Wide-ranging in research, enthusiasm, and geography, Under the Stars reveals a vast population of nature seekers, a country still in love with its wild places.
|Publisher:||Holt, Henry & Company, Inc.|
|File size:||4 MB|
About the Author
Dan White is the author of The Cactus Eaters: How I Lost My Mind and Almost Found Myself on the Pacific Crest Trail, a NCIBA bestseller and Los Angeles Times "Discovery" selection. He has taught composition at Columbia University and San Jose State. He is the contributing editor of Catamaran Literary Reader and received his MFA from Columbia University. He lives in Santa Cruz, California with his wife and daughter.
Read an Excerpt
Under the Stars
How America Fell in Love with Camping
By Dan White
Henry Holt and CompanyCopyright © 2016 Daniel White
All rights reserved.
Help Me, Henry
How many a man has dated a new era in his life from the reading of a book?
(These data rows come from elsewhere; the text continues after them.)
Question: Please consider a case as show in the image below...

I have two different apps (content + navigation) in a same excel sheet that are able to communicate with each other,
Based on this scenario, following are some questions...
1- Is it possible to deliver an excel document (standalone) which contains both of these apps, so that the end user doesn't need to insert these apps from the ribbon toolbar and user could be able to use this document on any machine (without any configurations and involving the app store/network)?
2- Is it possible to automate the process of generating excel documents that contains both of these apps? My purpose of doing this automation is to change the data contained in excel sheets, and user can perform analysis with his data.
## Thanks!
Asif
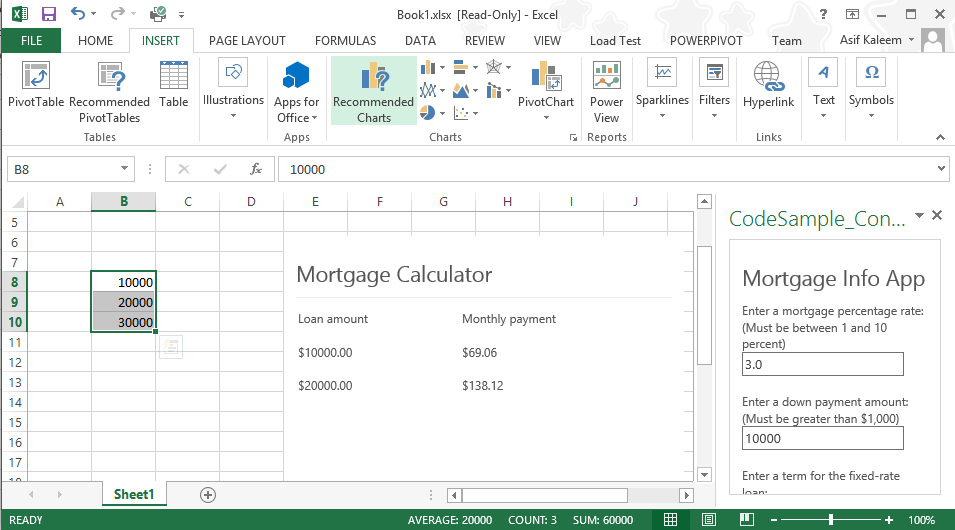
Answer: I asked the same question on msdn forums and got some feedback by them, you may follow the link below for details...
<URL>
Based on these details, my understanding is that Office 2013 web apps don't currently support standalone deployments packaged with local html files. But in future they might think of providing support for disconnected mode web apps in Office 2013.
Your comments are welcome!
Thanks,
Asif

— Henry David Thoreau, Walden
Everyone has an overwhelming influence at a tender age. One person or entity rules over them. For some unfortunates, it's Ayn Rand. For others, it's Paulo Coelho, Viktor Frankl, Judas Priest, or Neil Peart, the drummer and lyricist from the rock band Rush. Henry David Thoreau is an influence that must overcome you when you're young or not at all. Otherwise he cannot infect you. You'll develop immunity. If you pick it up when you're too old, his most famous book, Walden, tastes funny: a treacle pie with too much vinegar. The odd flavor makes sense, considering Thoreau was young, heartbroken, drifty, and confused when he set out to have the experiences that informed the book. That is one reason Walden remains a classic for literary-minded campers, with special appeal to youthful wilderness explorers and aspirants to the simple life. Thoreau speaks to people like my younger self: lumpy, shiftless, bumbling, insecure, unsettled, unfulfilled, and out of step with the times. In proclaiming the woods a refuge, Thoreau, in an offbeat and prickly way, helped generations of nervous Americans fall in love with camping.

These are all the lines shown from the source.